- [EXERCISE OBJECTIVE]: Go through the records and report each line in which the word "left" occurs.

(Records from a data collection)

┄┄┄┄┄┄

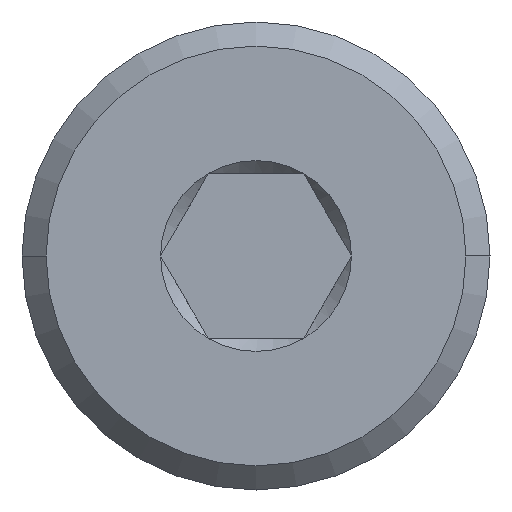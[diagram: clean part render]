
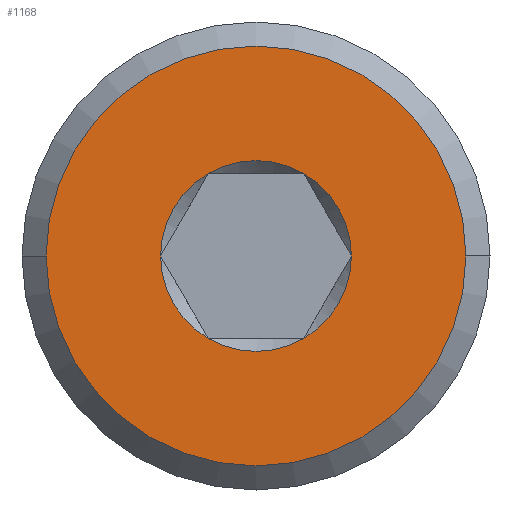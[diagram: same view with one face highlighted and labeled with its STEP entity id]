
A CAD part, left-side view. The second image highlights one B-rep face of the part: STEP entity #1168.
In plain terms, the highlighted planar face has unit normal (-1, 0, 0).
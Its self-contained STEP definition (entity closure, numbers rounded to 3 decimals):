
#118 = CARTESIAN_POINT ( 'NONE',  ( -6.5, 1.732, 0. ) ) ;
#141 = VERTEX_POINT ( 'NONE', #2062 ) ;
#190 = EDGE_CURVE ( 'NONE', #141, #216, #2072, .T. ) ;
#205 = VERTEX_POINT ( 'NONE', #118 ) ;
#216 = VERTEX_POINT ( 'NONE', #1311 ) ;
#270 = ORIENTED_EDGE ( 'NONE', *, *, #1067, .F. ) ;
#295 = DIRECTION ( 'NONE',  ( 0., -1., 0. ) ) ;
#354 = EDGE_CURVE ( 'NONE', #205, #957, #989, .T. ) ;
#373 = CIRCLE ( 'NONE', #833, 1.732 ) ;
#385 = EDGE_LOOP ( 'NONE', ( #1627, #2519, #627, #692, #1129, #1510 ) ) ;
#452 = DIRECTION ( 'NONE',  ( -1., 0., 0. ) ) ;
#519 = VERTEX_POINT ( 'NONE', #1402 ) ;
#521 = DIRECTION ( 'NONE',  ( -1., 0., 0. ) ) ;
#538 = EDGE_CURVE ( 'NONE', #819, #141, #1910, .T. ) ;
#577 = EDGE_CURVE ( 'NONE', #863, #819, #840, .T. ) ;
#627 = ORIENTED_EDGE ( 'NONE', *, *, #884, .F. ) ;
#638 = AXIS2_PLACEMENT_3D ( 'NONE', #1942, #2353, #943 ) ;
#667 = VERTEX_POINT ( 'NONE', #1522 ) ;
#692 = ORIENTED_EDGE ( 'NONE', *, *, #354, .F. ) ;
#819 = VERTEX_POINT ( 'NONE', #2539 ) ;
#833 = AXIS2_PLACEMENT_3D ( 'NONE', #990, #1778, #1984 ) ;
#840 = CIRCLE ( 'NONE', #1809, 1.732 ) ;
#863 = VERTEX_POINT ( 'NONE', #1810 ) ;
#884 = EDGE_CURVE ( 'NONE', #957, #863, #1713, .T. ) ;
#916 = AXIS2_PLACEMENT_3D ( 'NONE', #1813, #452, #2210 ) ;
#929 = EDGE_CURVE ( 'NONE', #216, #205, #373, .T. ) ;
#938 = CARTESIAN_POINT ( 'NONE',  ( -6.5, 0., 0. ) ) ;
#943 = DIRECTION ( 'NONE',  ( 0., -1., 0. ) ) ;
#957 = VERTEX_POINT ( 'NONE', #1789 ) ;
#988 = AXIS2_PLACEMENT_3D ( 'NONE', #1499, #521, #2102 ) ;
#989 = CIRCLE ( 'NONE', #988, 1.732 ) ;
#990 = CARTESIAN_POINT ( 'NONE',  ( -6.5, 0., 0. ) ) ;
#1067 = EDGE_CURVE ( 'NONE', #667, #519, #2379, .T. ) ;
#1119 = FACE_BOUND ( 'NONE', #385, .T. ) ;
#1129 = ORIENTED_EDGE ( 'NONE', *, *, #929, .F. ) ;
#1139 = DIRECTION ( 'NONE',  ( 0., 1., 0. ) ) ;
#1168 = ADVANCED_FACE ( 'NONE', ( #1119, #1965 ), #1747, .T. ) ;
#1273 = CIRCLE ( 'NONE', #1694, 3.812 ) ;
#1311 = CARTESIAN_POINT ( 'NONE',  ( -6.5, 0.866, 1.5 ) ) ;
#1371 = CARTESIAN_POINT ( 'NONE',  ( -6.5, 0., 0. ) ) ;
#1402 = CARTESIAN_POINT ( 'NONE',  ( -6.5, -3.812, 0. ) ) ;
#1499 = CARTESIAN_POINT ( 'NONE',  ( -6.5, 0., 0. ) ) ;
#1510 = ORIENTED_EDGE ( 'NONE', *, *, #190, .F. ) ;
#1522 = CARTESIAN_POINT ( 'NONE',  ( -6.5, 3.812, 0. ) ) ;
#1627 = ORIENTED_EDGE ( 'NONE', *, *, #538, .F. ) ;
#1673 = AXIS2_PLACEMENT_3D ( 'NONE', #1698, #1902, #295 ) ;
#1694 = AXIS2_PLACEMENT_3D ( 'NONE', #2368, #2158, #1139 ) ;
#1698 = CARTESIAN_POINT ( 'NONE',  ( -6.5, 0., 0. ) ) ;
#1713 = CIRCLE ( 'NONE', #2084, 1.732 ) ;
#1747 = PLANE ( 'NONE',  #638 ) ;
#1778 = DIRECTION ( 'NONE',  ( -1., 0., 0. ) ) ;
#1789 = CARTESIAN_POINT ( 'NONE',  ( -6.5, 0.866, -1.5 ) ) ;
#1809 = AXIS2_PLACEMENT_3D ( 'NONE', #1826, #2219, #2451 ) ;
#1810 = CARTESIAN_POINT ( 'NONE',  ( -6.5, -0.866, -1.5 ) ) ;
#1813 = CARTESIAN_POINT ( 'NONE',  ( -6.5, 0., 0. ) ) ;
#1826 = CARTESIAN_POINT ( 'NONE',  ( -6.5, 0., 0. ) ) ;
#1902 = DIRECTION ( 'NONE',  ( -1., 0., 0. ) ) ;
#1910 = CIRCLE ( 'NONE', #916, 1.732 ) ;
#1942 = CARTESIAN_POINT ( 'NONE',  ( -6.5, 3.812, 0. ) ) ;
#1965 = FACE_OUTER_BOUND ( 'NONE', #2273, .T. ) ;
#1984 = DIRECTION ( 'NONE',  ( 0., -1., 0. ) ) ;
#2062 = CARTESIAN_POINT ( 'NONE',  ( -6.5, -0.866, 1.5 ) ) ;
#2072 = CIRCLE ( 'NONE', #1673, 1.732 ) ;
#2084 = AXIS2_PLACEMENT_3D ( 'NONE', #1371, #2178, #2382 ) ;
#2102 = DIRECTION ( 'NONE',  ( 0., -1., 0. ) ) ;
#2143 = DIRECTION ( 'NONE',  ( 0., 1., 0. ) ) ;
#2158 = DIRECTION ( 'NONE',  ( 1., 0., 0. ) ) ;
#2178 = DIRECTION ( 'NONE',  ( -1., 0., 0. ) ) ;
#2210 = DIRECTION ( 'NONE',  ( 0., -1., 0. ) ) ;
#2216 = AXIS2_PLACEMENT_3D ( 'NONE', #938, #2548, #2143 ) ;
#2219 = DIRECTION ( 'NONE',  ( -1., 0., 0. ) ) ;
#2273 = EDGE_LOOP ( 'NONE', ( #270, #2422 ) ) ;
#2353 = DIRECTION ( 'NONE',  ( -1., 0., 0. ) ) ;
#2368 = CARTESIAN_POINT ( 'NONE',  ( -6.5, 0., 0. ) ) ;
#2379 = CIRCLE ( 'NONE', #2216, 3.812 ) ;
#2382 = DIRECTION ( 'NONE',  ( 0., -1., 0. ) ) ;
#2416 = EDGE_CURVE ( 'NONE', #519, #667, #1273, .T. ) ;
#2422 = ORIENTED_EDGE ( 'NONE', *, *, #2416, .F. ) ;
#2451 = DIRECTION ( 'NONE',  ( 0., -1., 0. ) ) ;
#2519 = ORIENTED_EDGE ( 'NONE', *, *, #577, .F. ) ;
#2539 = CARTESIAN_POINT ( 'NONE',  ( -6.5, -1.732, 0. ) ) ;
#2548 = DIRECTION ( 'NONE',  ( 1., 0., 0. ) ) ;
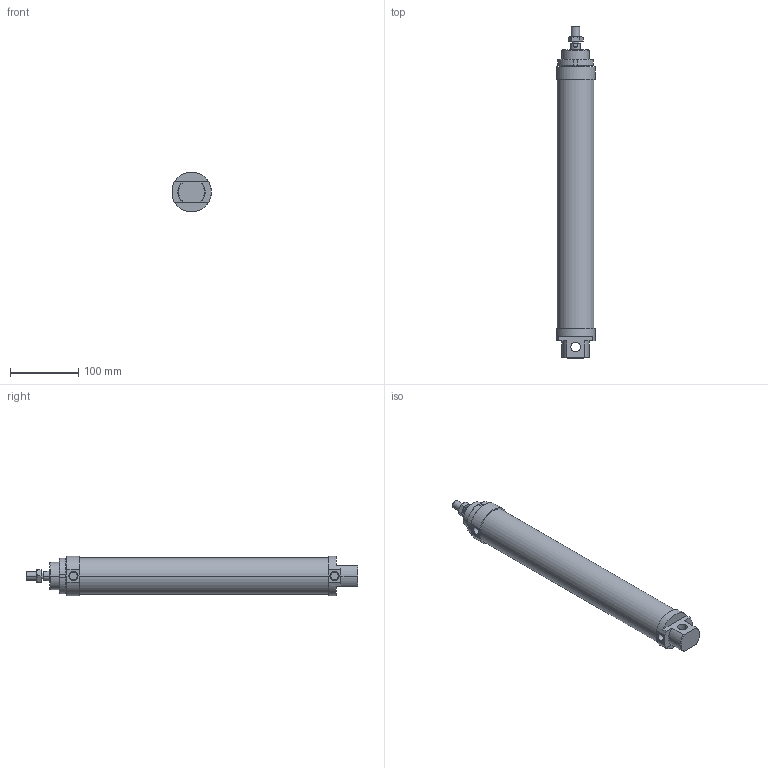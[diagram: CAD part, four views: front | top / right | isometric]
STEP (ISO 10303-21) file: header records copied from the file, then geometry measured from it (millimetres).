
FILE_DESCRIPTION((''),'2;1');
FILE_NAME('1260_50_0320.stp','2003-04-02T15:11:48',('maffial1'),(''),'Autodesk Inventor (R) 6.0','Autodesk Inventor (R) 6.0','');
FILE_SCHEMA(('AUTOMOTIVE_DESIGN { 1 0 10303 214 1 1 1 1 }'));
Length unit declared in the file: millimetre
Products named in the file (5): 1260_50_0320; S1260_50_320; 1200_50_05; 1200_50_06; C1260_50_320
Assembly tree (4 placements, depth 2):
  1260_50_0320
    S1260_50_320
    1200_50_05
    1200_50_06
    C1260_50_320
Bounding box: 56.6 x 487 x 58 mm (x, y, z)
Volume: 990617.7 mm3; surface area: 121440.6 mm2
Topology: 4 solids, 4 shells, 122 faces, 286 edges, 180 vertices
Faces by surface type: plane 44, cone 32, cylinder 26, bspline 20
Entity records: 3831 total; most frequent: CARTESIAN_POINT 997, DIRECTION 582, ORIENTED_EDGE 572, EDGE_CURVE 286, AXIS2_PLACEMENT_3D 229, VERTEX_POINT 180, EDGE_LOOP 136, VECTOR 124
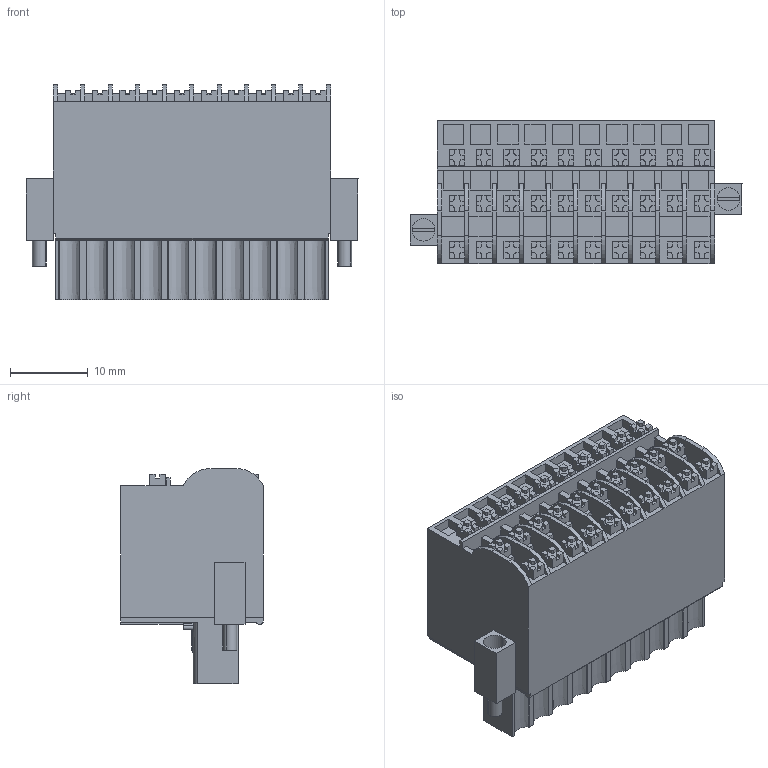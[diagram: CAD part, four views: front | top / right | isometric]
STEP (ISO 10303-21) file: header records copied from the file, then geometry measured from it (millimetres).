
FILE_DESCRIPTION(('CATIA V5R24 STEP','CAx-IF Rec.Pracs.--- Model Styling and Organization---1.2---2011-12-15'),'2;1');
FILE_NAME ('D1456005_0_1779910000_1779910000.stp','2017-08-15T11:48:21+00:00',('none'),('Weidmueller'),'CATIA Version 5-6 Release 2014 SP4 HF52','CATIA V5 STEP AP214','none');
FILE_SCHEMA(('AUTOMOTIVE_DESIGN { 1 0 10303 214 1 1 1 1 }'));
Length unit declared in the file: millimetre
Products named in the file (1): 1779910000
Bounding box: 42.65 x 18.37 x 27.63 mm (x, y, z)
Volume: 12914 mm3; surface area: 6264.4 mm2
Topology: 33 solids, 33 shells, 1224 faces, 3378 edges, 2244 vertices
Faces by surface type: plane 925, extrusion 150, cylinder 149
Entity records: 38683 total; most frequent: CARTESIAN_POINT 9384, ORIENTED_EDGE 6756, DIRECTION 4407, EDGE_CURVE 3378, VECTOR 2882, LINE 2732, VERTEX_POINT 2244, EDGE_LOOP 1252
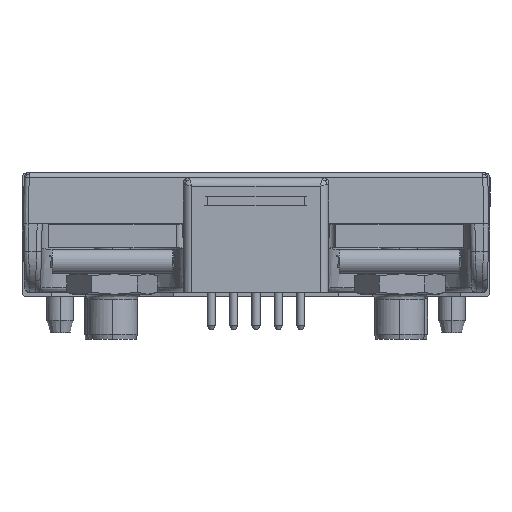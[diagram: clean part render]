
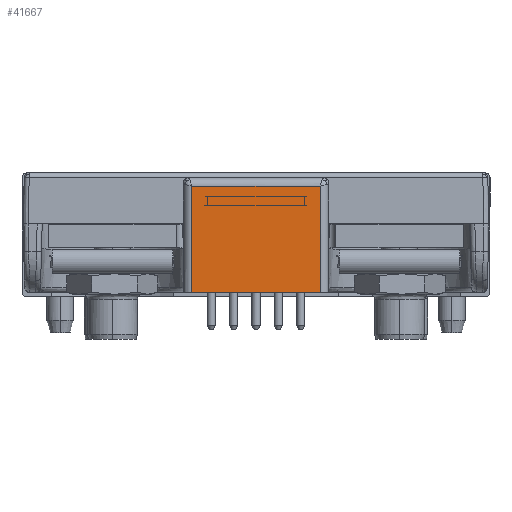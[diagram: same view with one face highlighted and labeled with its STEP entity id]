
A CAD part, left-side view. The second image highlights one B-rep face of the part: STEP entity #41667.
In plain terms, the highlighted planar face has unit normal (-1, 0, 0).
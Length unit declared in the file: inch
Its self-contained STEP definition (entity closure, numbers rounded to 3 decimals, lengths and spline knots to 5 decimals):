
#3079 = DIRECTION ( 'NONE',  ( 0., 0., 1. ) ) ;
#6501 = VECTOR ( 'NONE', #19867, 39.37008 ) ;
#10259 = EDGE_LOOP ( 'NONE', ( #61686, #34161, #74818, #13259 ) ) ;
#10453 = DIRECTION ( 'NONE',  ( 0., -1., 0. ) ) ;
#11060 = DIRECTION ( 'NONE',  ( 0., 1., 0. ) ) ;
#13259 = ORIENTED_EDGE ( 'NONE', *, *, #41360, .F. ) ;
#16358 = CARTESIAN_POINT ( 'NONE',  ( -8.5571, -1.02492, -0.22211 ) ) ;
#17898 = CARTESIAN_POINT ( 'NONE',  ( -8.5571, -1.40906, -0.22211 ) ) ;
#19118 = CARTESIAN_POINT ( 'NONE',  ( -8.5571, -1.01249, 0.09551 ) ) ;
#19867 = DIRECTION ( 'NONE',  ( 0., 0., -1. ) ) ;
#21631 = AXIS2_PLACEMENT_3D ( 'NONE', #64756, #51843, #25863 ) ;
#22612 = VERTEX_POINT ( 'NONE', #16358 ) ;
#22686 = CARTESIAN_POINT ( 'NONE',  ( -8.5571, -1.02492, -0.22211 ) ) ;
#23171 = CARTESIAN_POINT ( 'NONE',  ( -8.5571, -1.40906, 0.09551 ) ) ;
#23421 = VERTEX_POINT ( 'NONE', #17898 ) ;
#25863 = DIRECTION ( 'NONE',  ( 0., 1., 0. ) ) ;
#27219 = FACE_OUTER_BOUND ( 'NONE', #10259, .T. ) ;
#32172 = CARTESIAN_POINT ( 'NONE',  ( -8.5571, -1.02492, 0.09551 ) ) ;
#32314 = LINE ( 'NONE', #19118, #37373 ) ;
#34161 = ORIENTED_EDGE ( 'NONE', *, *, #52319, .F. ) ;
#34399 = LINE ( 'NONE', #22686, #40469 ) ;
#37373 = VECTOR ( 'NONE', #10453, 39.37008 ) ;
#40246 = VERTEX_POINT ( 'NONE', #32172 ) ;
#40469 = VECTOR ( 'NONE', #3079, 39.37008 ) ;
#41360 = EDGE_CURVE ( 'NONE', #22612, #40246, #34399, .T. ) ;
#41667 = ADVANCED_FACE ( 'NONE', ( #27219 ), #64469, .F. ) ;
#48867 = EDGE_CURVE ( 'NONE', #40246, #56353, #32314, .T. ) ;
#51843 = DIRECTION ( 'NONE',  ( 1., 0., 0. ) ) ;
#52319 = EDGE_CURVE ( 'NONE', #56353, #23421, #56851, .T. ) ;
#56353 = VERTEX_POINT ( 'NONE', #23171 ) ;
#56851 = LINE ( 'NONE', #78229, #6501 ) ;
#61686 = ORIENTED_EDGE ( 'NONE', *, *, #64594, .F. ) ;
#63502 = LINE ( 'NONE', #68491, #68564 ) ;
#64469 = PLANE ( 'NONE',  #21631 ) ;
#64594 = EDGE_CURVE ( 'NONE', #23421, #22612, #63502, .T. ) ;
#64756 = CARTESIAN_POINT ( 'NONE',  ( -8.5571, -1.40906, 0.09551 ) ) ;
#68491 = CARTESIAN_POINT ( 'NONE',  ( -8.5571, -1.40906, -0.22211 ) ) ;
#68564 = VECTOR ( 'NONE', #11060, 39.37008 ) ;
#74818 = ORIENTED_EDGE ( 'NONE', *, *, #48867, .F. ) ;
#78229 = CARTESIAN_POINT ( 'NONE',  ( -8.5571, -1.40906, 0.10747 ) ) ;
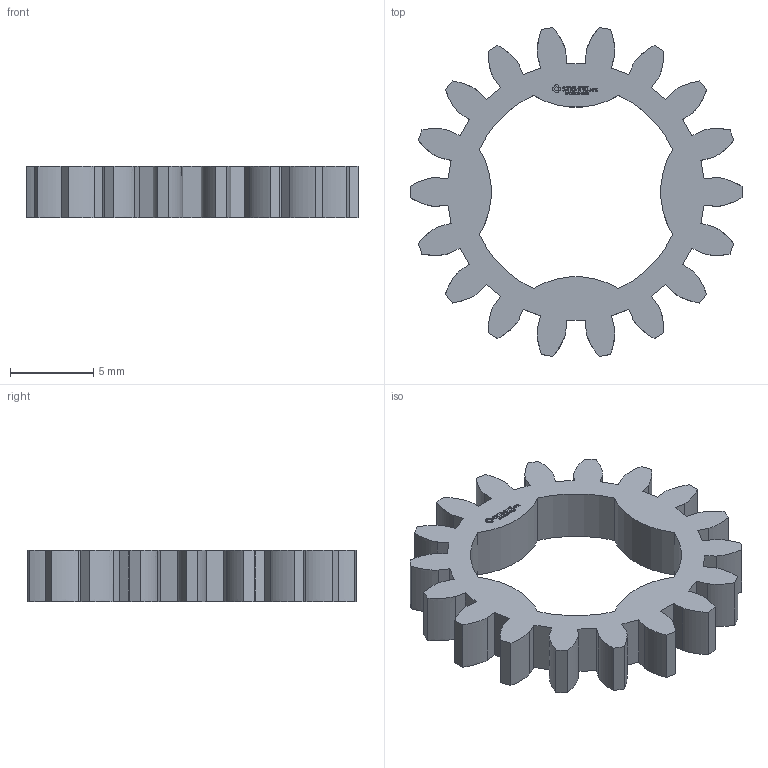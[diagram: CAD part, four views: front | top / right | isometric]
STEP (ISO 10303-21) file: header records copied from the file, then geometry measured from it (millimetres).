
FILE_DESCRIPTION(('FreeCAD Model'),'2;1');
FILE_NAME('Open CASCADE Shape Model','2024-03-09T17:36:12',(''),(''), 'Open CASCADE STEP processor 7.6','FreeCAD','Unknown');
FILE_SCHEMA(('AUTOMOTIVE_DESIGN { 1 0 10303 214 1 1 1 1 }'));
Length unit declared in the file: millimetre
Products named in the file (1): Gear Wheel PLN TTH18 BU00.25 SFT-SHD - SPN-GWH-0049 (stemfie.org)
Bounding box: 19.99 x 19.8 x 3.12 mm (x, y, z)
Volume: 430 mm3; surface area: 772.7 mm2
Topology: 1 solids, 1 shells, 584 faces, 1650 edges, 1100 vertices
Faces by surface type: plane 322, extrusion 254, cylinder 8
Entity records: 47665 total; most frequent: CARTESIAN_POINT 12255, DIRECTION 4866, VECTOR 4156, LINE 3902, ORIENTED_EDGE 3300, PCURVE 3300, DEFINITIONAL_REPRESENTATION 3300, EDGE_CURVE 1650

┄┄┄┄┄┄

- [RESPONSE BELOW]:
A CAD part, left-side view. The second image highlights one B-rep face of the part: STEP entity #1168.
A CAD part, left-side view. The second image highlights one B-rep face of the part: STEP entity #41667.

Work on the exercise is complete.